The boy finished the pancake, then turned modestly away from them to urinate.

“Oh, gaaa,” June said.

“My mother is finally beginning to notice the public urination,” Abby said. “ ‘You know, honey,' she said, ‘this is a lovely town, but so much public urination goes on. I don't think I've ever seen so much public urination. You walk through the park and men are urinating behind pieces of cardboard. Boys are urinating on flowers. We went to look at some churches and were poking around the courtyard and an old man was urinating on a pile of sand. When he finished he flapped his hands at us. He scolded us! He said we were not supposed to be in the courtyard, we could only be in the church. He was the ostiary or something, or thought he was…' ” Abby was mimicking her mother's nasal, bemused manner of speech.

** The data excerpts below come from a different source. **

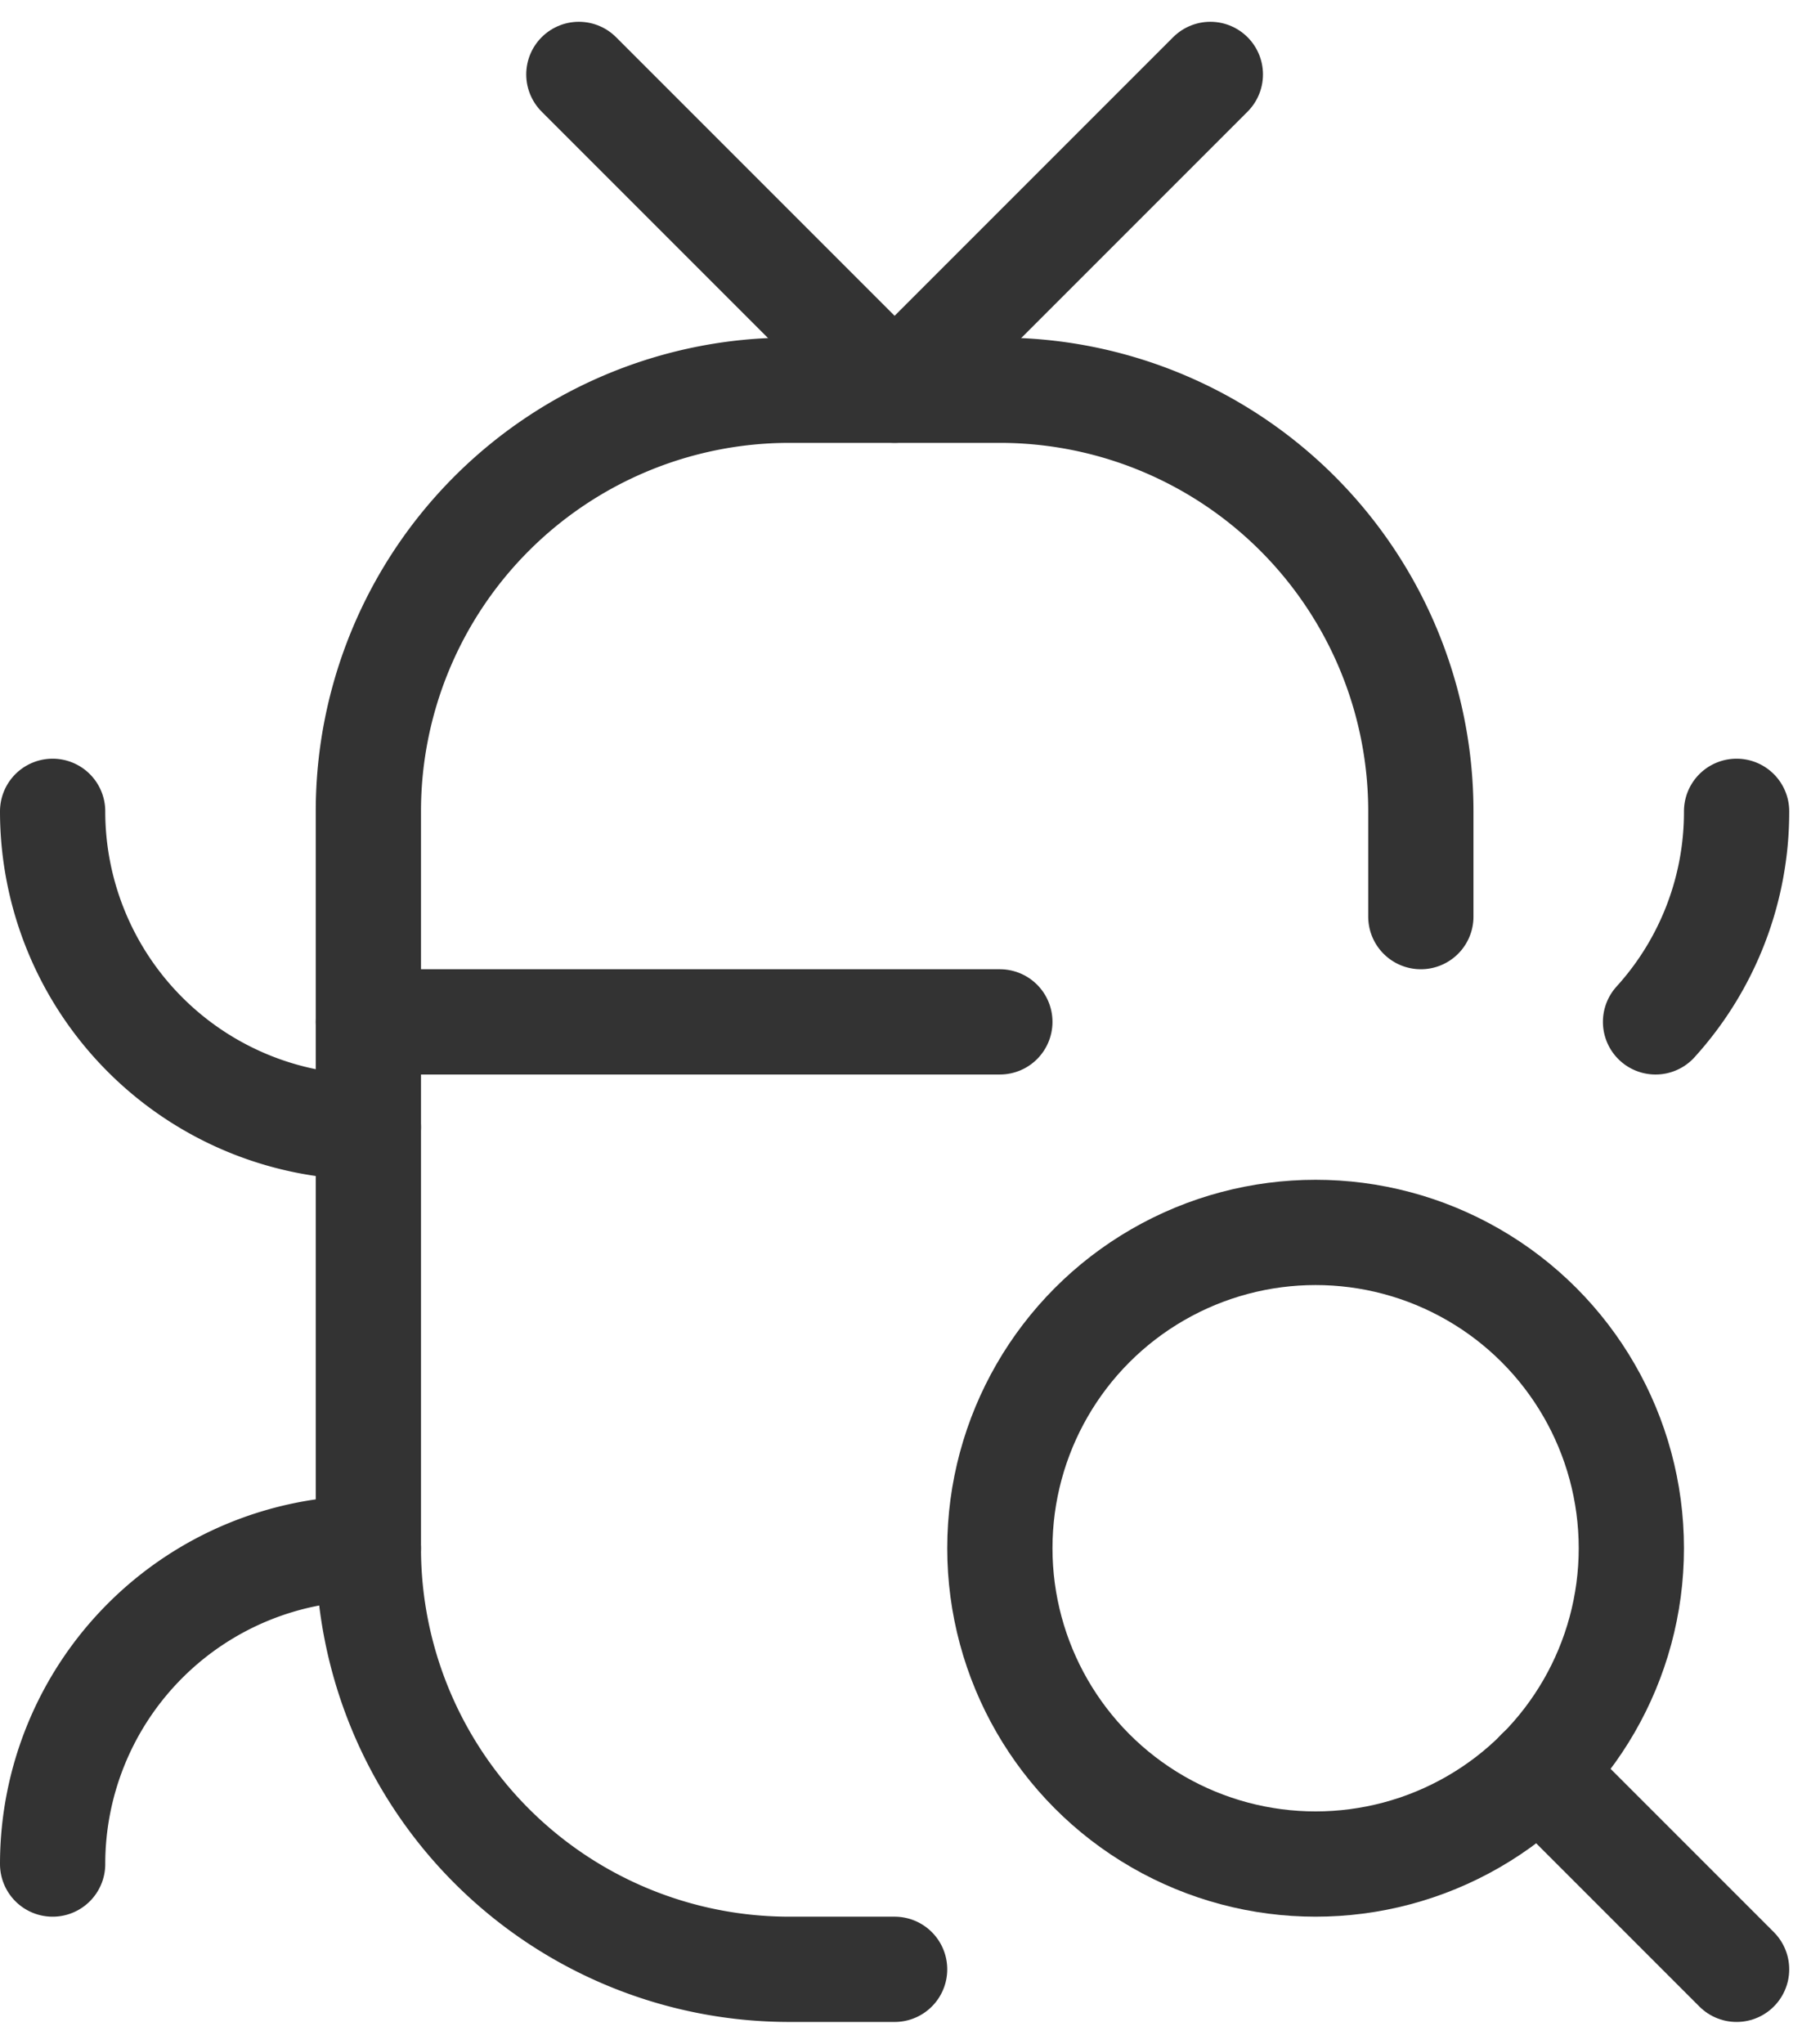 <svg xmlns="http://www.w3.org/2000/svg" width="34.414" height="38.828" viewBox="0 0 34.414 38.828">
  <g id="Bug_Search" data-name="Bug Search" transform="translate(-129 -203.586)">
    <g id="Group_4483" data-name="Group 4483" transform="translate(130 205)">
      <g id="Group_4481" data-name="Group 4481" transform="translate(0 14)">
        <path id="Path_1944" data-name="Path 1944" d="M136,218h0a6,6,0,0,1-6-6h0" transform="translate(-130 -212)" fill="none" stroke="#333" stroke-linecap="round" stroke-linejoin="round" stroke-width="2"/>
        <path id="Path_1945" data-name="Path 1945" d="M136,219h0a6,6,0,0,0-6,6h0" transform="translate(-130 -205)" fill="none" stroke="#333" stroke-linecap="round" stroke-linejoin="round" stroke-width="2"/>
        <path id="Path_1946" data-name="Path 1946" d="M146.77,212a5.931,5.931,0,0,1-1.54,4" transform="translate(-114.77 -212)" fill="none" stroke="#333" stroke-linecap="round" stroke-linejoin="round" stroke-width="2"/>
      </g>
      <path id="Path_1947" data-name="Path 1947" d="M135,205l6,6,6-6" transform="translate(-125 -205)" fill="none" stroke="#333" stroke-linecap="round" stroke-linejoin="round" stroke-width="2"/>
      <g id="Group_4482" data-name="Group 4482" transform="translate(6 6)">
        <path id="Path_1948" data-name="Path 1948" d="M143,238h-2a8,8,0,0,1-8-8V216a8,8,0,0,1,8-8h4a8,8,0,0,1,8,8v2" transform="translate(-133 -208)" fill="none" stroke="#333" stroke-linecap="round" stroke-linejoin="round" stroke-width="2"/>
        <line id="Line_190" data-name="Line 190" x2="12" transform="translate(0 12)" fill="none" stroke="#333" stroke-linecap="round" stroke-linejoin="round" stroke-width="2"/>
      </g>
    </g>
    <g id="Group_4484" data-name="Group 4484" transform="translate(148 227)">
      <circle id="Ellipse_61" data-name="Ellipse 61" cx="6" cy="6" r="6" fill="none" stroke="#333" stroke-linecap="round" stroke-linejoin="round" stroke-width="2"/>
      <line id="Line_191" data-name="Line 191" x1="3.76" y1="3.76" transform="translate(10.24 10.24)" fill="none" stroke="#333" stroke-linecap="round" stroke-linejoin="round" stroke-width="2"/>
    </g>
  </g>
</svg>
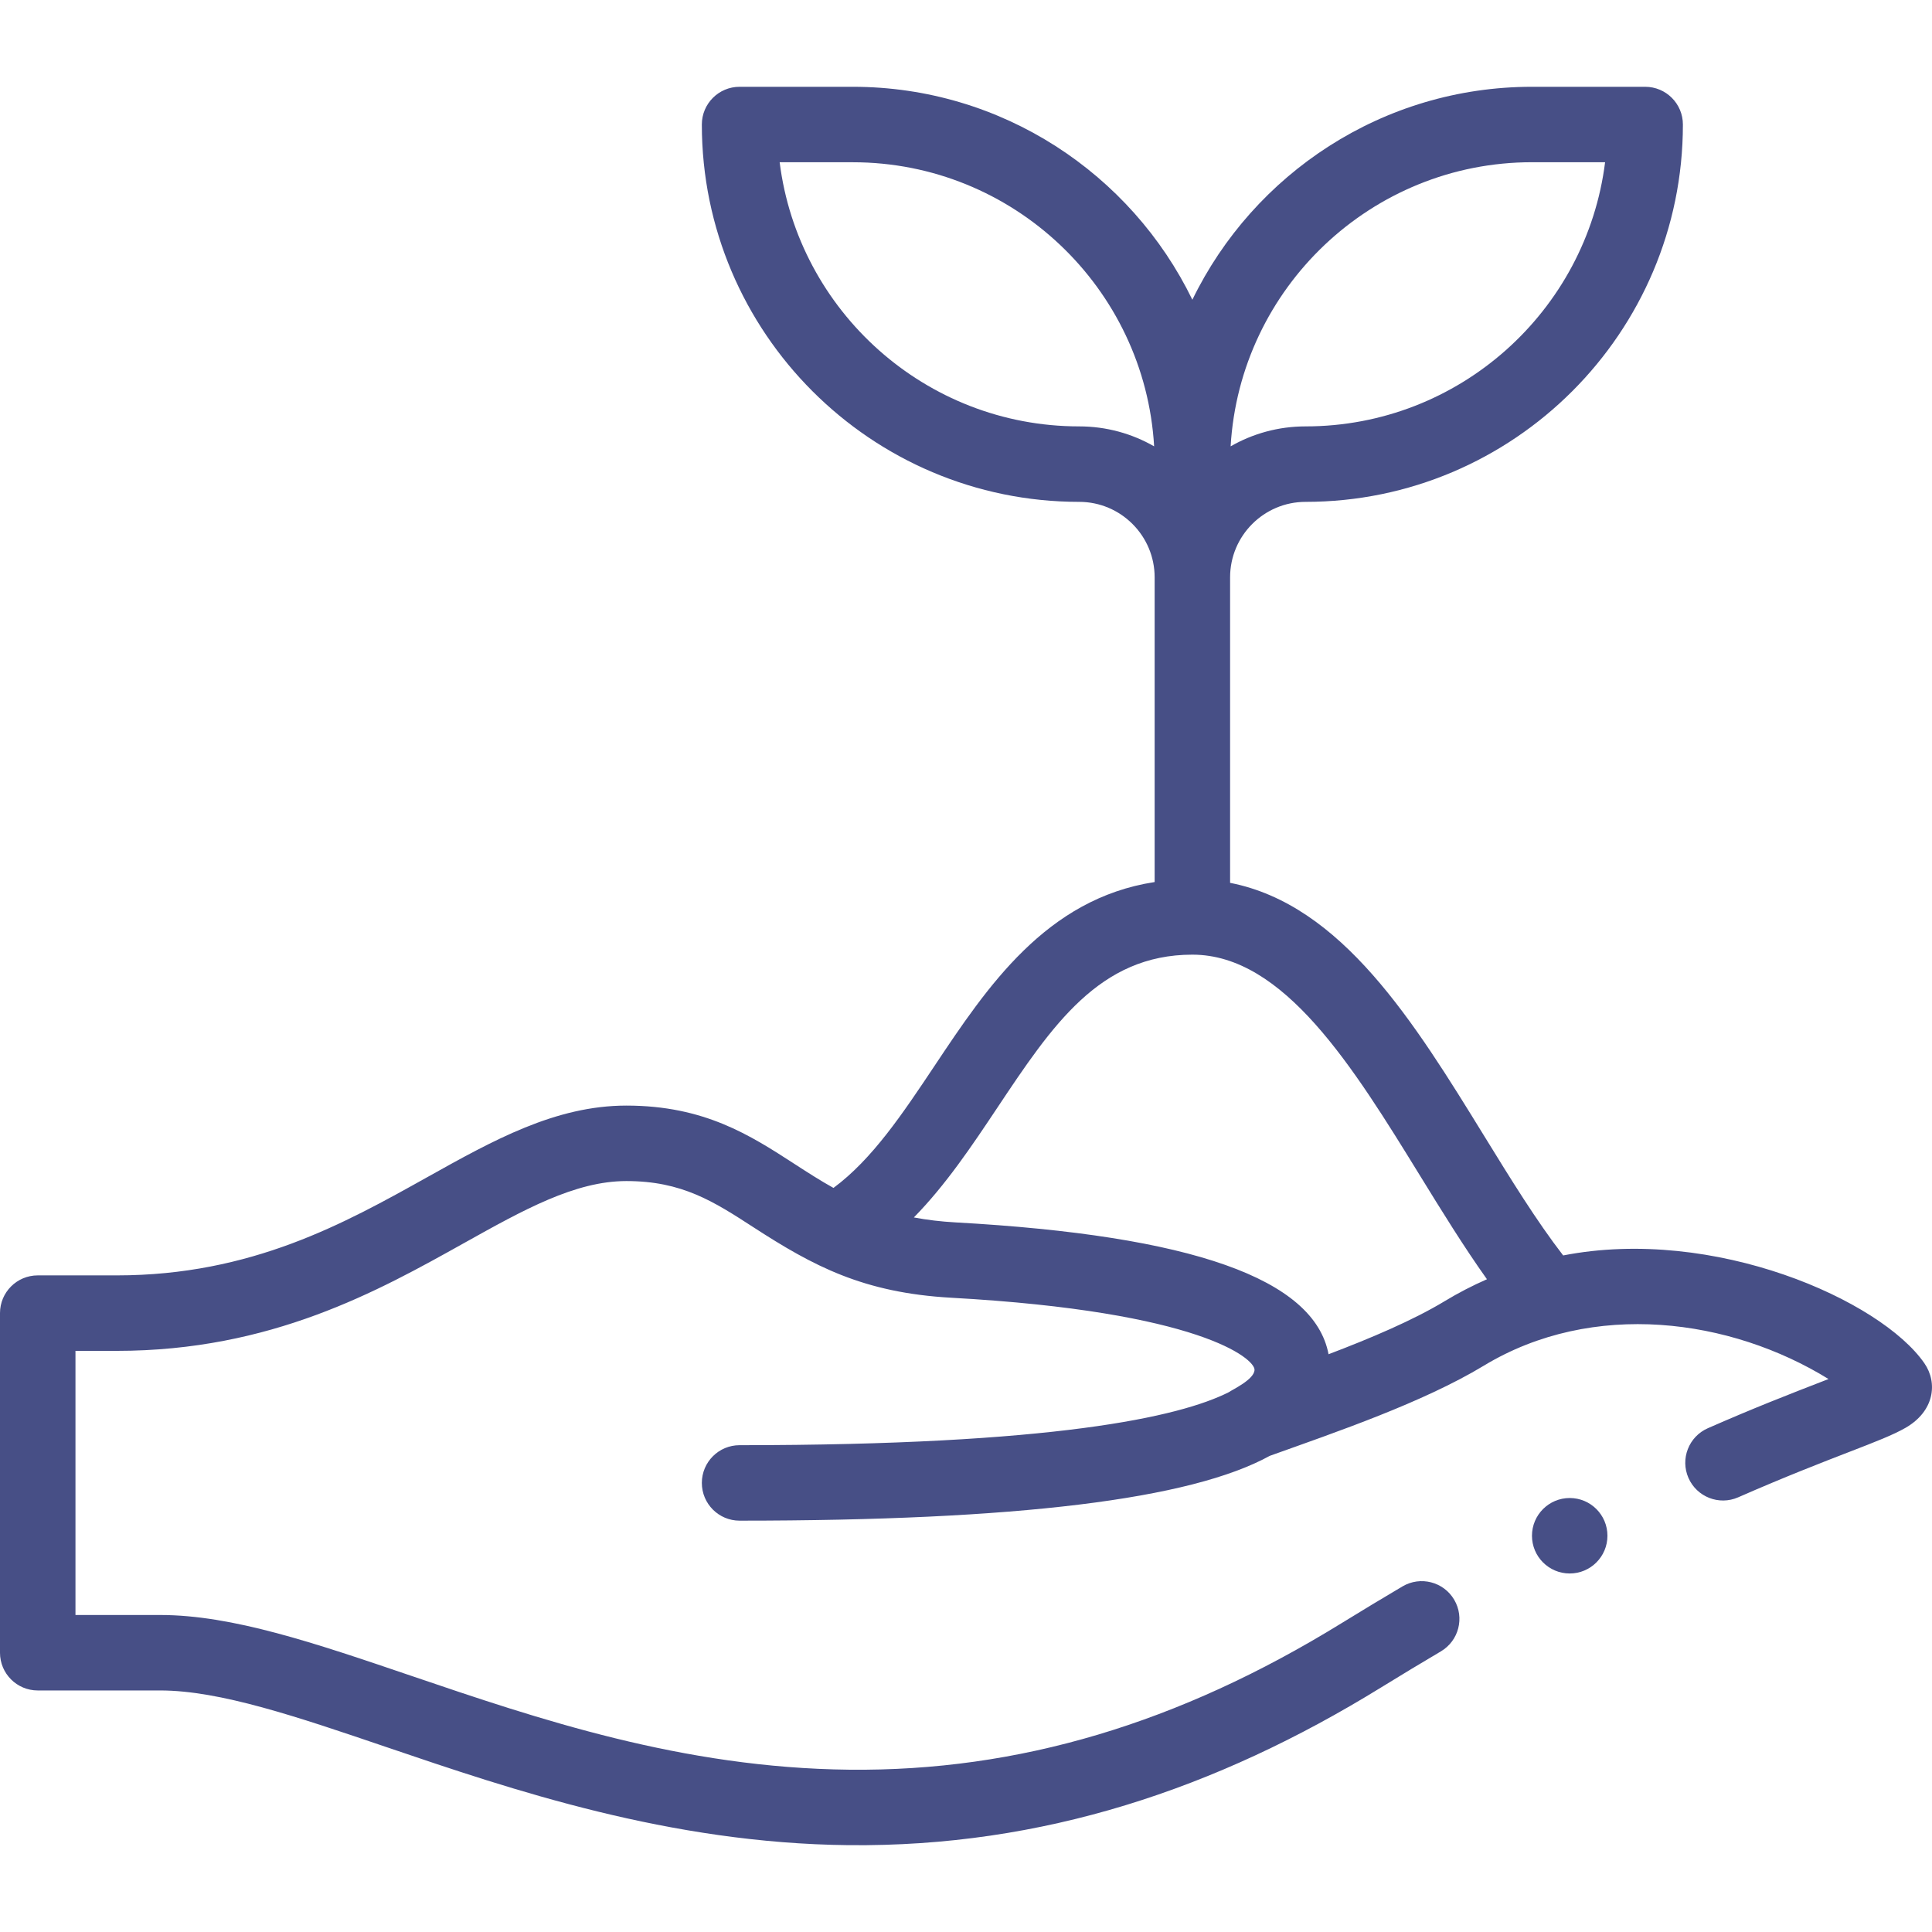 <?xml version="1.0"?>
<svg xmlns="http://www.w3.org/2000/svg" xmlns:xlink="http://www.w3.org/1999/xlink" xmlns:svgjs="http://svgjs.com/svgjs" version="1.1" width="512" height="512" x="0" y="0" viewBox="0 0 512.013 512.013" style="enable-background:new 0 0 512 512" xml:space="preserve" class=""><g><g xmlns="http://www.w3.org/2000/svg"><circle cx="416" cy="407" r="10" fill="#474f86" data-original="#000000" style="" class=""/><path d="m10 448h32.46c15.813 0 36.247 6.949 59.908 14.994 33.424 11.365 75.021 25.509 122.528 26.005 51.299.525 97.395-14.847 141.07-41.766 5.334-3.288 10.68-6.514 15.89-9.59 4.755-2.808 6.334-8.94 3.525-13.695-2.807-4.756-8.936-6.335-13.695-3.526-5.317 3.14-10.772 6.433-16.214 9.786-43.1 26.564-85.688 39.258-130.368 38.793-44.308-.462-82.554-13.467-116.298-24.941-25.341-8.618-47.227-16.06-66.346-16.06h-22.46v-70h10.94c40.906 0 69.233-15.826 91.995-28.542 15.807-8.831 29.46-16.458 43.065-16.458 14.769 0 23.121 5.41 33.696 12.259 15.852 10.267 29.076 17.357 52.438 18.666 66.04 3.674 80.335 16.178 80.335 19.076 0 2.578-5.951 5.307-6.807 5.95-13.148 6.622-46.455 14.049-129.662 14.049-5.522 0-10 4.477-10 10s4.478 10 10 10c73.539 0 119.521-5.625 140.506-17.175 17.617-6.312 40.545-14.116 56.72-23.89 28.973-17.531 65.394-12.489 91.363 3.531-11.226 4.343-19.869 7.723-31.979 13.034-5.058 2.218-7.359 8.116-5.142 13.174 2.215 5.05 8.11 7.363 13.175 5.141 12.494-5.479 22.389-9.305 29.613-12.099 6.733-2.603 11.445-4.425 14.742-6.319 7.643-4.39 8.594-11.906 4.991-17.12-11.572-16.713-55.71-36.366-95.723-28.565-7.07-9.156-13.821-20.119-20.922-31.653-18.582-30.189-37.74-61.295-67.347-67.09v-80.969c0-11.028 8.972-20 20-20 55.141 0 100-44.86 100-100 0-5.523-4.478-10-10-10h-30c-39.533 0-73.78 23.061-90 56.435-16.217-33.374-50.464-56.435-89.997-56.435h-30c-5.522 0-10 4.477-10 10 0 55.14 44.859 100 100 100 11.028 0 20 8.972 20 20v80.756c-28.795 4.434-44.396 27.813-58.315 48.691-8.468 12.7-16.524 24.772-26.802 32.372-3.545-1.971-6.866-4.114-10.314-6.347-11.746-7.606-23.89-15.472-44.569-15.472-18.813 0-35.332 9.228-52.819 18.999-21.816 12.187-46.542 26.001-82.241 26.001h-20.94c-5.522 0-10 4.477-10 10v90c0 5.523 4.478 10 10 10zm276-335c-40.726 0-74.44-30.591-79.378-70h19.378c42.531 0 77.418 33.36 79.863 75.289-5.855-3.364-12.639-5.289-19.863-5.289zm120-70.01h19.378c-4.938 39.409-38.652 70.01-79.378 70.01-7.224 0-14.008 1.925-19.863 5.289 2.445-41.929 37.332-75.299 79.863-75.299zm-141.675 250.553c14.504-21.755 27.03-40.543 51.675-40.543 24.279 0 42.599 29.761 60.315 58.543 5.728 9.306 11.597 18.834 17.752 27.478-3.842 1.685-7.582 3.618-11.189 5.801-8.474 5.12-19.669 9.849-30.788 14.072-3.802-20.01-36.24-31.456-98.84-34.938-3.898-.218-7.563-.652-11.063-1.315 8.471-8.625 15.383-18.968 22.138-29.098z" fill="#474f86" data-original="#000000" style="" class=""/></g></g></svg>

“They're still here, your parents?” Caroline said.

“Oh god, yes,” Abby said. “I have to watch Parker tonight so they can go out. It's their anniversary.”

“We'll all watch him,” Caroline said. “We'll sit around in a circle and blow smoke at him or something. Howard will ask him his opinion of death.”

“That is getting so old,” Abby said. “It's like an old bar trick or something.”

“Morgan's been the darlingest,” Caroline said to June. “Don't you just love her?”

June blushed. “Do you know what my mother told me? She said she had always been emotionally indifferent to my father, from the very first, but now she had found happiness and she hoped that I would find such happiness.”

“Oh,” Caroline said. “It's like a little blessing she gave you, isn't it? That's so nice.”

“I love watching June blush,” Abby said. “Really, June, you are so funny.”